I have to look for diversity elsewhere. Maybe more worrying is that I have tried a prompt with the goal of refining the existing code, and the exact duplicates rate was the highest of all the experiments: 19%. Thus it seems that if I want to refine code, I'm going to throw many attempts to the trash can.

Conclusion

This experimentation successfully demonstrated that a base code-generation model using a DSL can solve a subset of ARC tasks. The best experiment solved 11.5% of the training tasks. The two most critical factors for success were model size and prediction volume. Larger models consistently produced higher-quality solutions and solved more tasks.

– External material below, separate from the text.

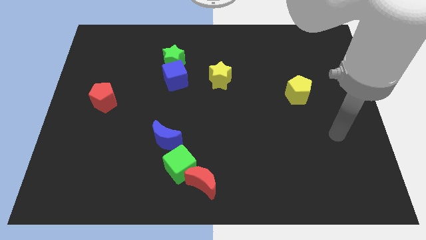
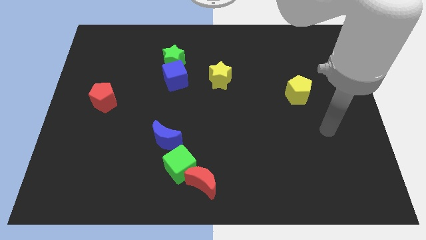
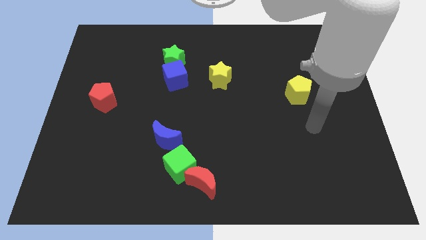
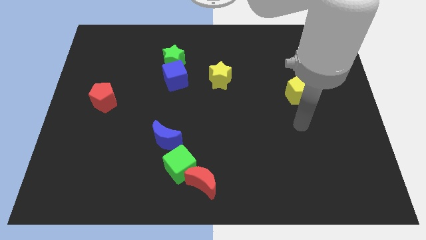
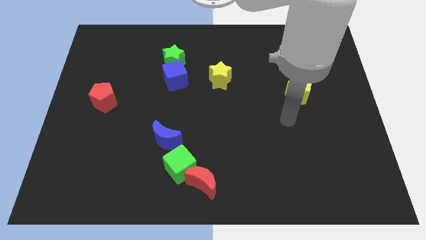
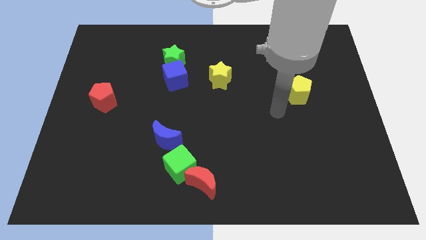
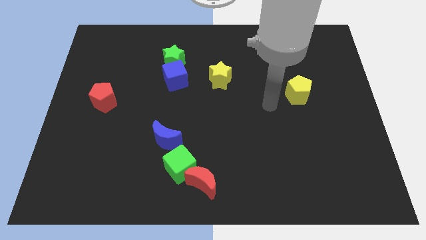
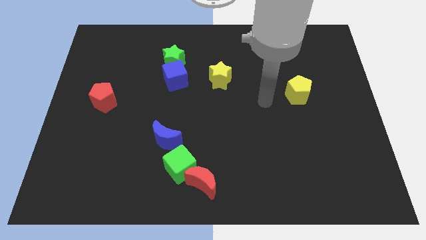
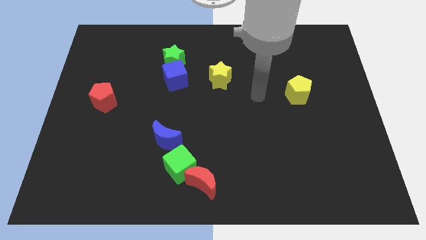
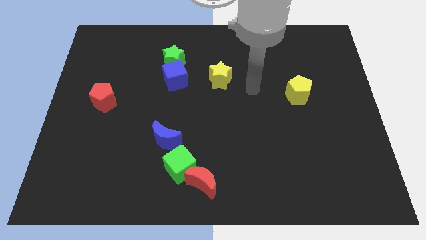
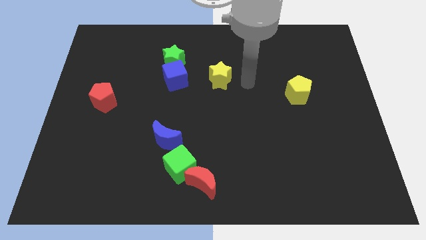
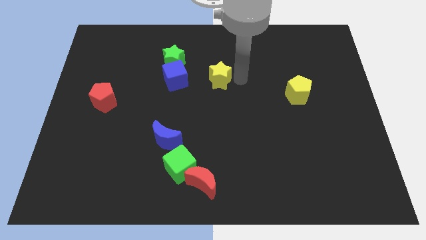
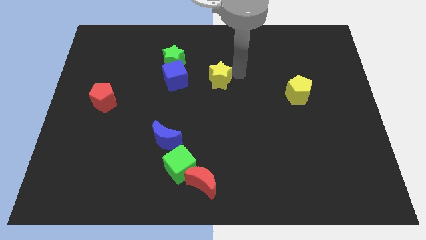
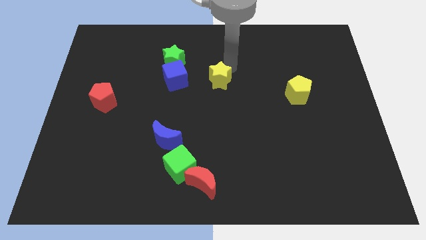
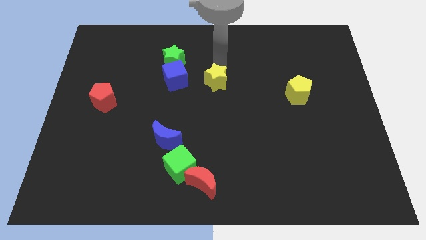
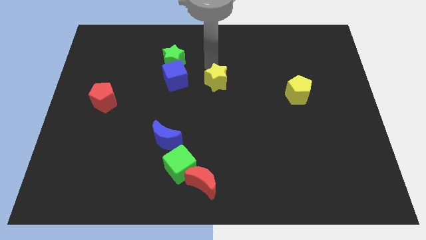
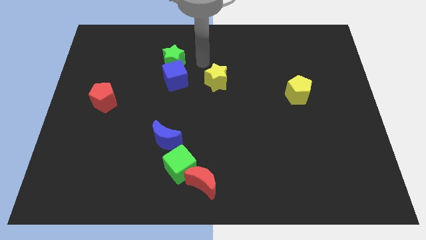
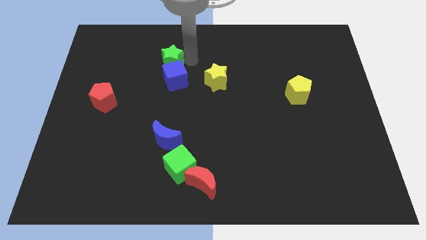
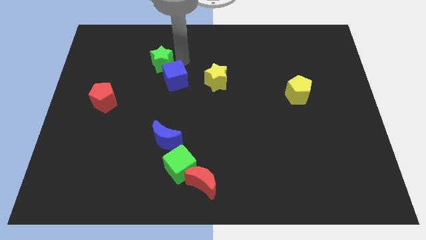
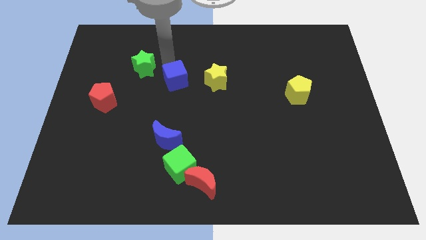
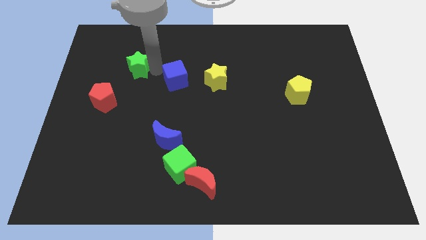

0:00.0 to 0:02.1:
separate the blue cube from the green star

The most effective strategy was a simple brute-force approach, generating hundreds of independent solutions per task, as this method significantly outperformed more complex search techniques aimed at refinement or increasing diversity. These "smarter" search prompts were counterproductive, often reducing the variety of generated outputs. While effective, the brute-force method is inefficient, suffering from diminishing returns in solution uniqueness.

Next steps

Try to increase search diversity
Refine solution

TODO

How many primitive functions does BARC have? And Hodel?
Create a prompt with the available DSL functions
What is the best way to do inference?
- VLLM
- Pure python with caching
- SGLang (I'm not going to try it this iteration)
What is the effect of the model size?